Федор подошел к вырытой могиле. Все мертвые были уже уложены в яму и накрыты попоной. Он скользнул взглядом по угрюмым лицам кавалеристов и заговорил тихо, будто отсекая каждое слово:
— Товарищи! Мы хороним своих боевых друзей. Их первых сразил подлый враг. Нам многое еще предстоит испытать. Война будет трудной и, наверное, долгой… Но мы отомстим фашистской сволочи за все… Мы останемся верными защитниками родной земли и никогда не нарушим присягу…
По рыжей, пропахшей конским потом попоне глухо зашуршали комья земли. Позванивали лопаты. У изголовья братской могилы Женя Найденов воткнул разбитую винтовку и повесил на нее каску…
Поредевший эскадрон готов был покинуть изуродованный немецкой артиллерией лагерь, но в эту минуту все увидели приближающуюся двуколку. Тащившая ее лошадь прихрамывала, путалась в упавших вожжах. Следом за двуколкой бежали три собаки-овчарки. В двуколке, откинувшись назад, лежала мертвая, заплывшая кровью молодая женщина. Рука ее билась о спицы высокого колеса. Федор с трудом узнал в покойнице жену Николая Турчака Ирину. Из застывшей ее руки бойцы с трудом вынули сложенный вчетверо окровавленный листок. На листке было написано:
«Дорогой друг Федор! Фашисты напали на нашу заставу в 3 часа 55 минут. Обстреляли нас из автоматов и пулеметов, стали форсировать реку на плотах и резиновых лодках. Мы их много положили на берегу и дали клятву стоять до конца. После того как они орудийным огнем разрушили стены казармы, мы перешли в подвал. Ирину я отправляю к тебе и прошу помочь ей. Прощай, Федя, больше мы не увидимся, потому что фашистские шакалы перешагнут дальше только через наши трупы. Когда будете добивать их, вспомните про нас, а мы свой долг перед Родиной выполним».
Дочитав письмо, Федор сошел с коня и сам отнес тело Ирины туда, где темнел свежий могильный холм. Ее торопливо зарыли рядом с погибшими бойцами.
Выделив боковые дозоры и выслав вперед трех разведчиков с Найденовым во главе, политрук Ставров повел эскадрон лесом в сторону штаба полка. За спиной всадников не утихала стрельба, над их головами гудели вражеские самолеты, а лес все еще жил своей жизнью: в нем пели птицы, по овражкам журчали ручьи, мирно жужжали дикие лесные пчелы.
Эскадрон не отклонялся от протянутого по деревьям телефонного провода. У одинокой воронки то ли от тяжелого снаряда, то ли от небольшой авиабомбы обнаружили обрыв. Федор приказал подсоединить к оборванному проводу телефонный аппарат и попытался связаться со штабом полка. Попытка оказалась напрасной: никто ему не ответил.
Вернулся младший лейтенант Найденов.

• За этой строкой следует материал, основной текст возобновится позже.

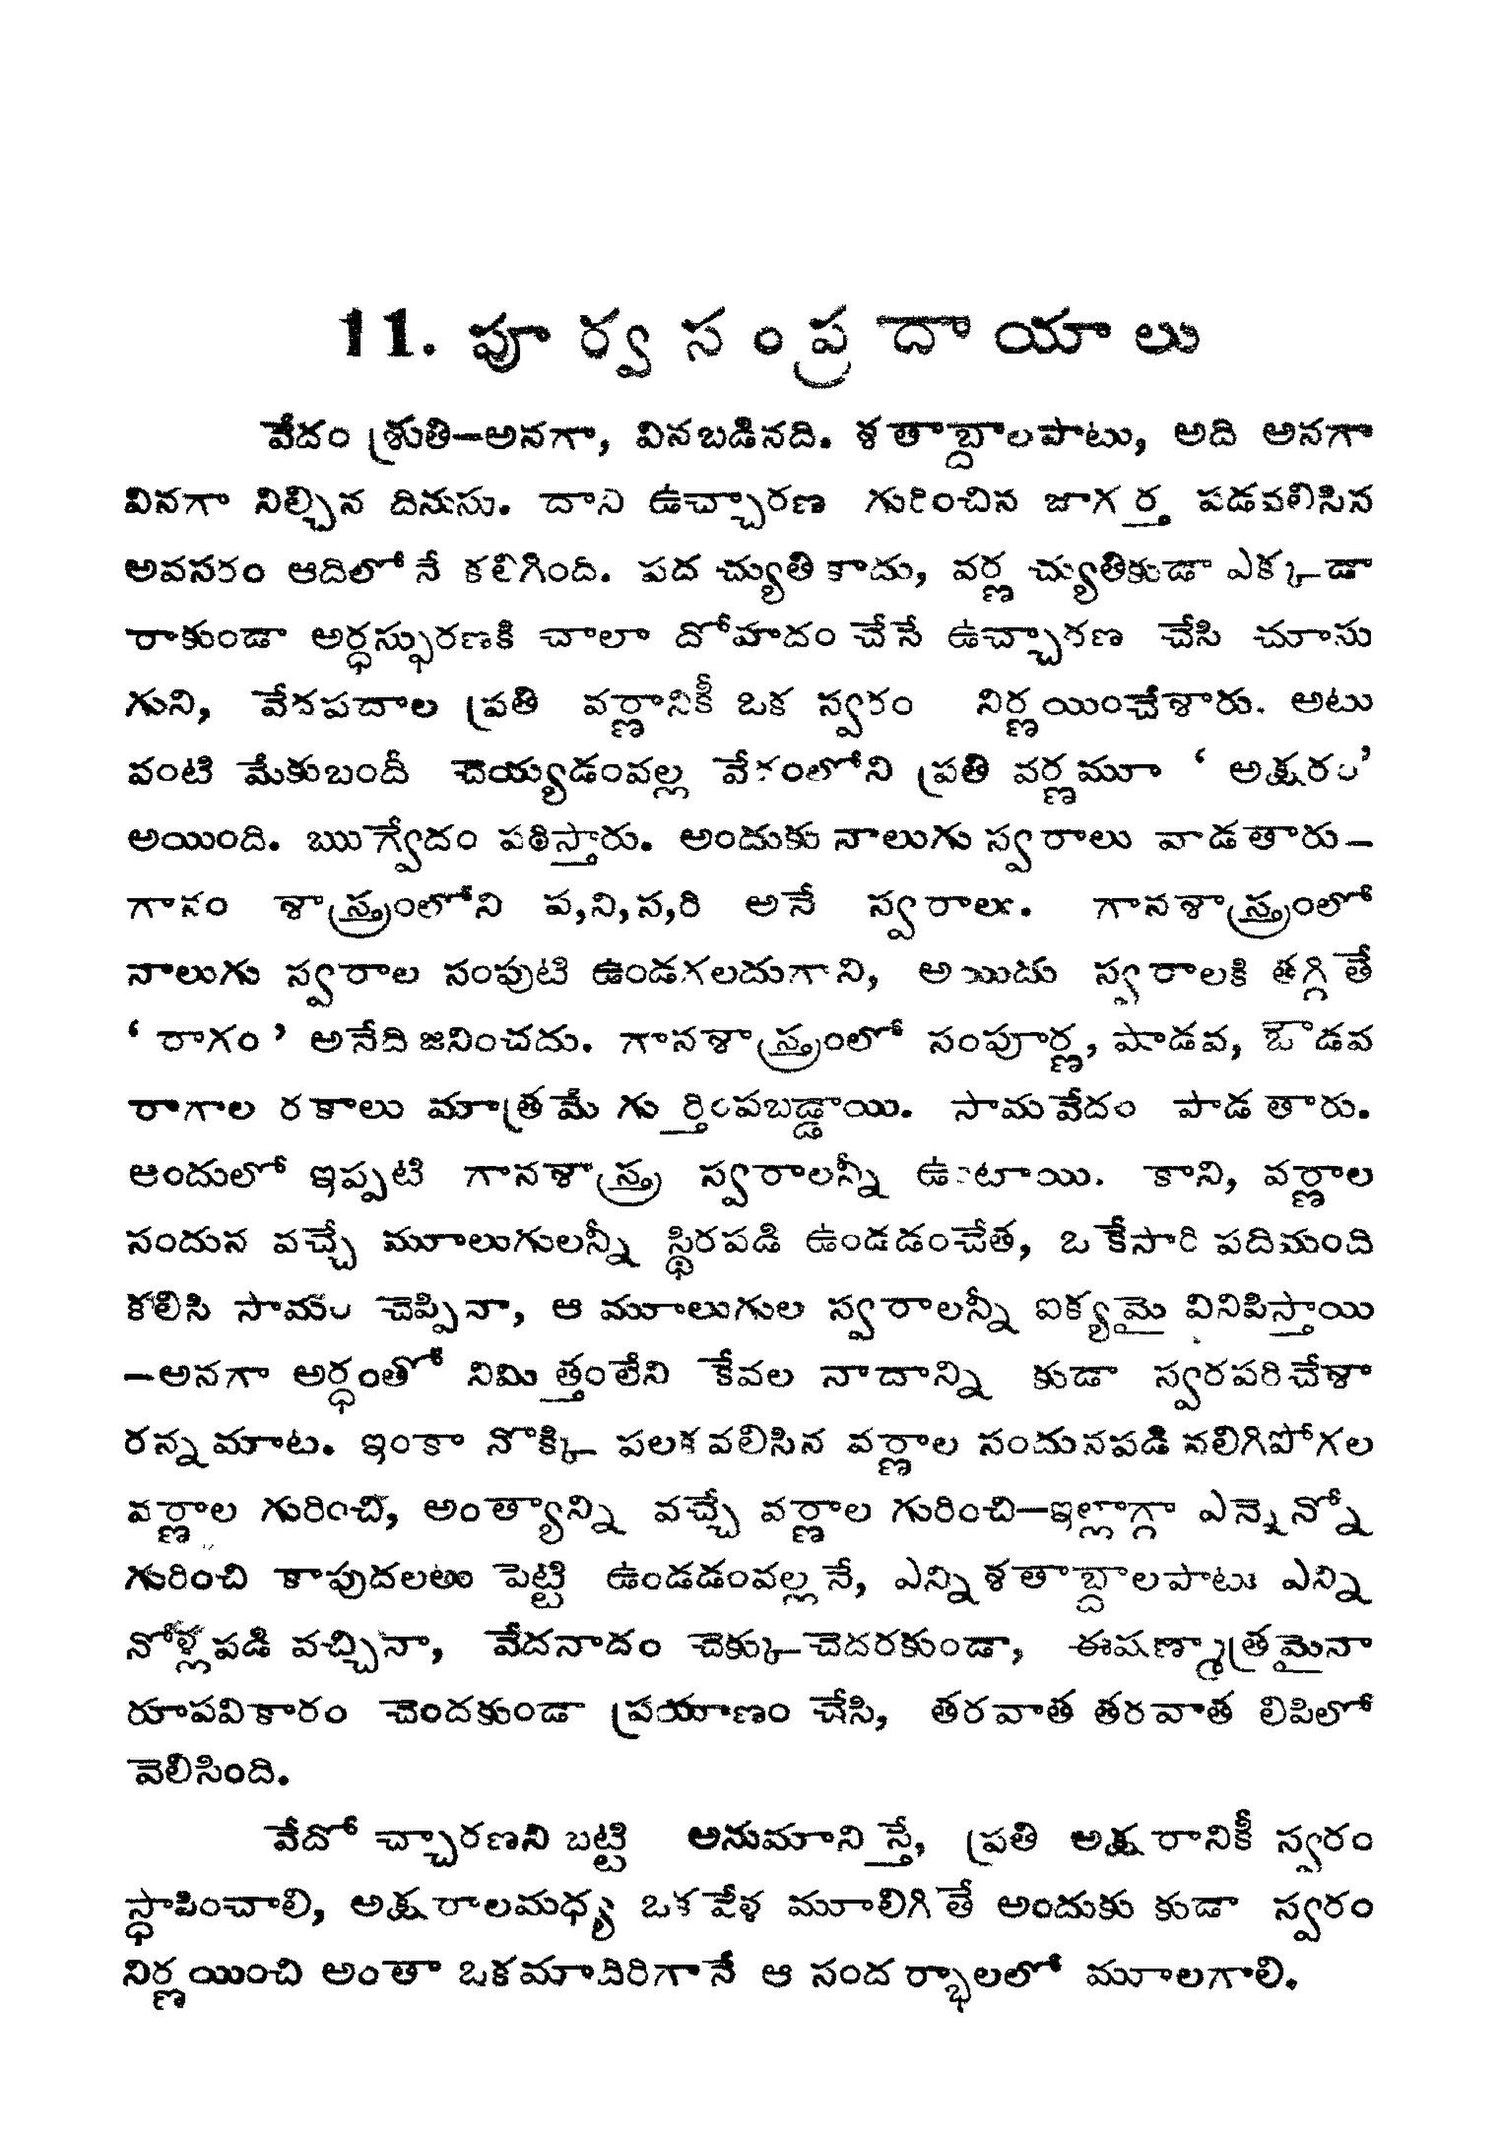11. పూర్వ సంప్రదాయాలు

వేదం శ్రుతి - అనగా, వినబడినది. శతాబ్దాలపాటు, అది అనగా
వినగా నిల్చిన దినుసు. దాని ఉచ్చారణ గురించిన జాగర్త పడవలిసిన
అవసరం ఆదిలోనే కలిగింది. పద చ్యుతి కాదు, వర్ణ చ్యుతికుడా ఎక్కడా
రాకుండా అర్ధస్ఫురణకి చాలా దోహదం చేసే ఉచ్చారణ చేసి చూసు
గుని, వేదపదాల ప్రతి వర్ణానికీ ఒక స్వరం నిర్ణయించేశారు. అటు
వంటి మేకుబందీ చెయ్యడంవల్ల వేదంలోని ప్రతి వర్ణమూ ' అక్షరం '
అయింది. ఋగ్వేదం పఠిస్తారు. అందుకు నాలుగు స్వరాలు వాడతారు —
గానం శాస్త్రంలోని ప,ని, స,రి అనే స్వరాలు గానశాస్త్రంలో
నాలుగు స్వరాల సంపుటి ఉండగలదుగాని, అయిదు స్వరాలకి తగ్గితే
' రాగం ' అనేది జనించదు. గానశాస్త్రంలో సంపూర్ణ, షాడవ, ఔడవ
రాగాల రకాలు మాత్రమే గుర్తింపబడ్డాయి. సామవేదం పాడ తారు.
అందులో ఇప్పటి గానశాస్త్ర స్వరాలన్నీ ఉంటాయి. కాని, వర్ణాల
సందున వచ్చే మూలుగులన్నీ స్థిరపడి ఉండడంచేత, ఒకేసారి పదిమంది
కలిసి సామం చెప్పినా, ఆ మూలుగులు స్వరాలన్నీ ఐక్యమై వినిపిస్తాయి
– అనగా అర్ధంతో నిమిత్తంలేని కేవల నాదాన్ని కుడా స్వరపరిచేశా
రన్నమాట. ఇంకా నొక్కి పలక వలిసిన వర్ణాల నందునపడి నలిగిపోగల
వర్ణాల గురించి, అంత్యాన్ని వచ్చే వర్ణాల గురించి – ఇల్లాగ్గా ఎన్నెన్నో
గురించి కాపుదలలు పెట్టి ఉండడంవల్లనే, ఎన్నిశతాబ్దాలపాటు ఎన్ని
నోళ్లపడి వచ్చినా, వేదనాదం చెక్కు చెదరకుండా, ఈషణ్మాత్రమైనా
రూపవికారం చెందకుండా ప్రయాణం చేసి, తరువాత తరువాత లిపిలో
వెలిసింది.

వేదో చ్చారణని బట్టి అనుమానిస్తే, ప్రతి అక్షరానికీ స్వరం
స్థాపించాలి, అక్షరాలమధ్య ఒక వేళ మూలిగితే అందుకు కుడా స్వరం
నిర్ణయించి అంతా ఒకమాదిరిగానే ఆ సందర్భాలలో మూలగాలి.

Осадив взмыленного коня, доложил, волнуясь:
— Товарищ политрук! Немцы перерезали шоссейную дорогу на Великие Мосты. По ней сейчас идут их танки. Большая колонна!
Федор понял, что эскадрон их отрезан не только от штаба полка, но и от других подразделений. Он сошел с коня, развернул карту, подумал: «Если повернуть на Родехов, придется форсировать главное русло Буга. Но туда ли ушел полк?»
Стрельба бушевала теперь слева и справа. К Федору подошел пожилой старшина Иван Кривомаз, крепкий рыжеусый мужик-первоконник, которому довелось воевать в этих местах в 1920 году. За тот памятный поход Иван Иванович Кривомаз был награжден боевым орденом Красного Знамени. Потеряв еще в гражданскую войну казненную белогвардейцами жену, он навсегда остался в любимой им кавалерии.
— Чего будем делать, товарищ политрук? — спросил Кривомаз.